The modernisation of EFTA’s free trade agreements

The last two decades have seen an impressive expansion of EFTA's free trade network. However, in more recent years, EFTA's activities in updating and further developing existing free trade agreements (FTAs) have become more important. In this article, we will look into the substantial changes in EFTA's free trade negotiations over the years and how EFTA is looking into incorporating these changes into existing FTAs.

In recent years, EFTA’s activities in updating and further developing existing FTAs has become more important.

Focusing first on Central and Eastern Europe as well as the Mediterranean region, the scope of EFTA's free trade policies has been widened since the late 1990s to important trading partners worldwide. Agreements with Ukraine, Montenegro, Hong Kong China and Central American States are examples of successful negotiations that have been concluded since 2012. The EFTA States' objective is to maintain and strengthen their competitive position worldwide. To achieve this, they have created one of the world's largest networks of preferential trade relations, which they continue to extend and upgrade.

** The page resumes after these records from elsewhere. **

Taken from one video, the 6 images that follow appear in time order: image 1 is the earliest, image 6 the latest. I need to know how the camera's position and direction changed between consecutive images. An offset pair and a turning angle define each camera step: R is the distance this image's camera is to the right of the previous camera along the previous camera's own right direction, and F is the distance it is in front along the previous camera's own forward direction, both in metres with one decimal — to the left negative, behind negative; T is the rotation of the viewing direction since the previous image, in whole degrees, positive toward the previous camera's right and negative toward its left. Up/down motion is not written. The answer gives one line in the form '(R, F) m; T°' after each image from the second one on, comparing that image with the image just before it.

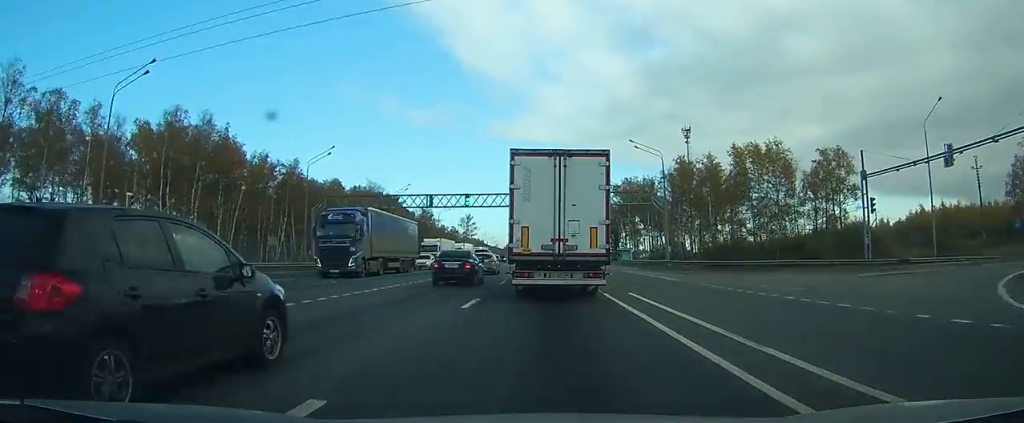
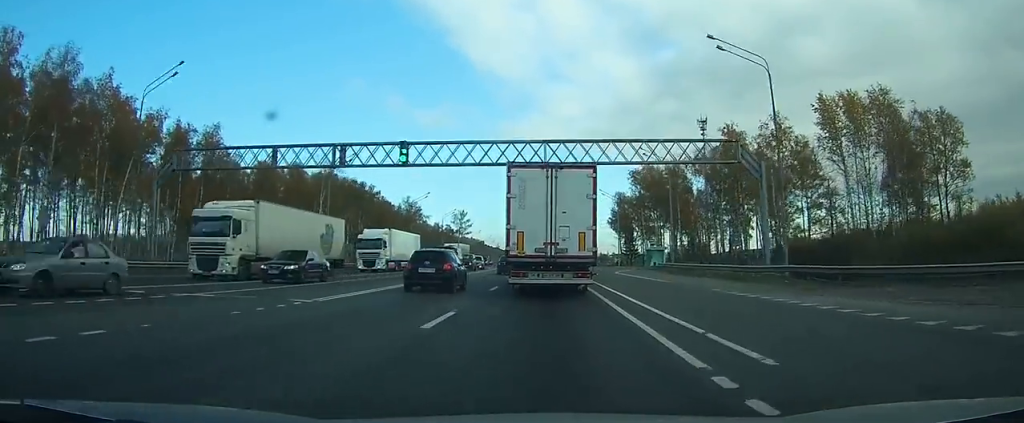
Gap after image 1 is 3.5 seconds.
(0.0, +28.3) m; 0°
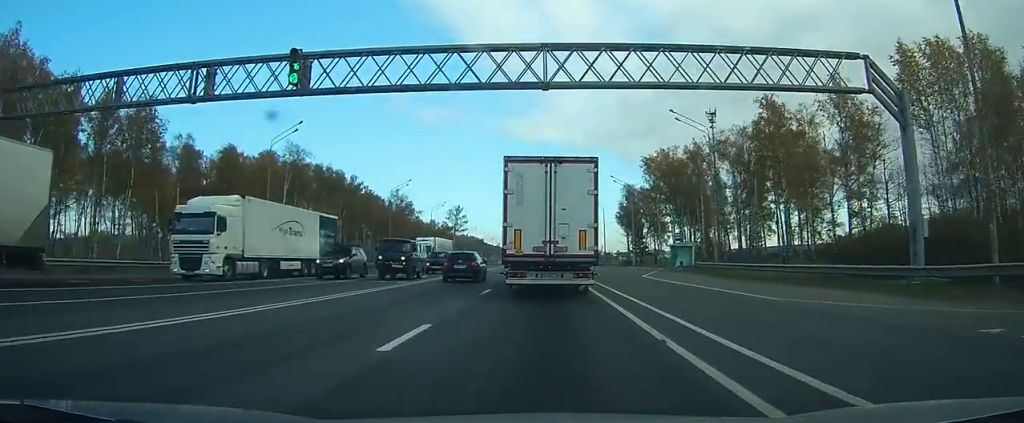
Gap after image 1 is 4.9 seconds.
(+0.1, +14.4) m; 0°
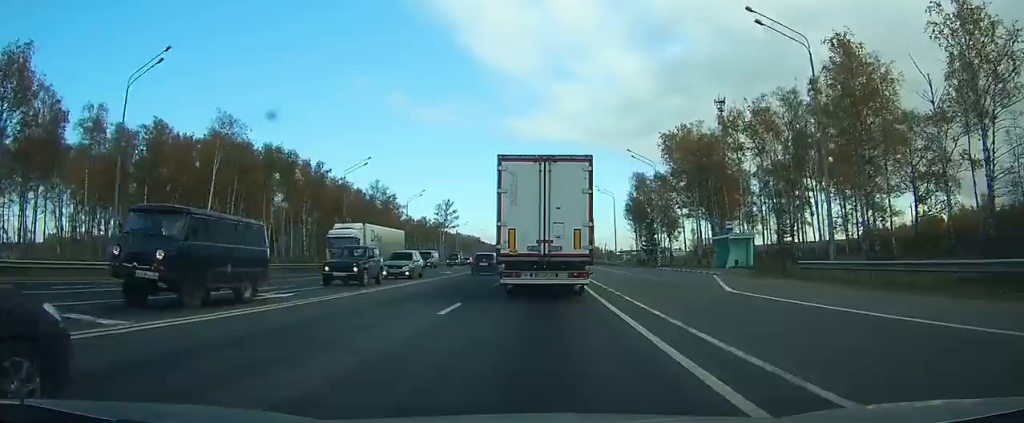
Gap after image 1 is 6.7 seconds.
(0.0, +20.4) m; -1°
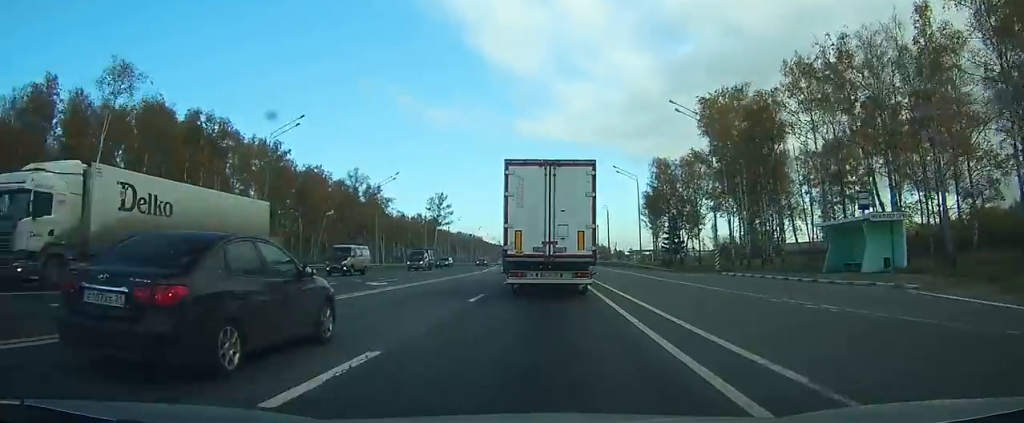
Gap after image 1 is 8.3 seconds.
(-0.2, +21.4) m; 0°
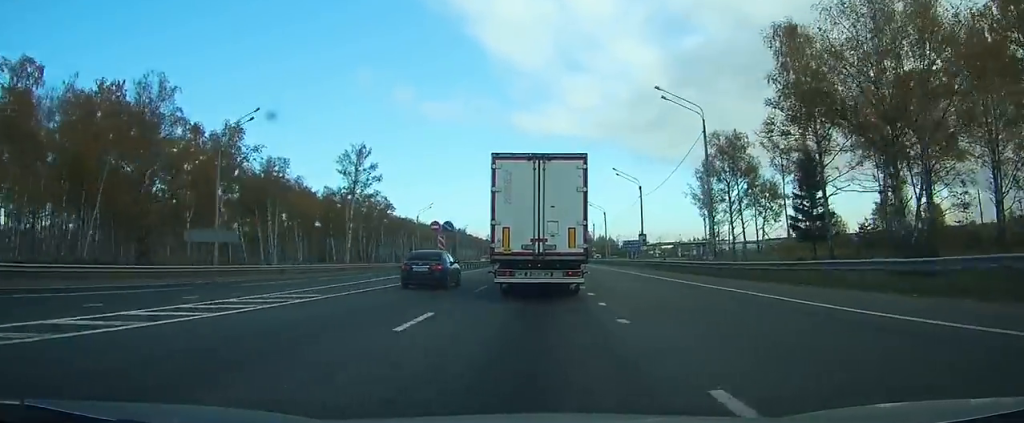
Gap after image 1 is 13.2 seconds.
(0.0, +67.3) m; +1°

While EFTA is pursuing a policy of strengthening and expanding preferential trade relations worldwide, it continues to attach the highest priority to a well-functioning multilateral trade system under the auspices of the World Trade Organization (WTO). In EFTA's view, the multilateral and bilateral approaches are mutually supportive.

In more recent years, EFTA's activities in updating and further developing existing FTAs have become more important. Discussions on sectorial expansion and the update of existing FTAs – in areas as diverse as services, investment, industrial and agricultural goods, intellectual property rights (IPR), trade and sustainable development, and customs matters – are being held continuously with a number of FTA partners. With some partners, for example with Turkey and Canada, work on a more comprehensive review, update and expansion of the respective existing FTAs is also taking place.

FTAs – moving towards a broader scope

Substantial changes have been made to free trade negotiations and agreements since the 1990s when EFTA negotiated some of the oldest FTAs still in place. Older agreements would most often focus on trade in goods and IPR, and hence not always cover all important areas relevant to trade. Since then, and with the advent of further globalisation, the EFTA States have aimed to include all relevant areas in new agreements and also in existing ones, in order to increase and simplify trade and increase market access liberalisation.

While EFTA's FTAs have undeniably been a success, some agreements are limited in scope where further developments hold the potential to spur trade and cooperation beyond that achieved by past agreements. More recently concluded agreements have added substantive rules and commitments on services, investment and/or public procurement, which respond more broadly to opportunities and challenges faced by businesses operating in today's globalised economic environment.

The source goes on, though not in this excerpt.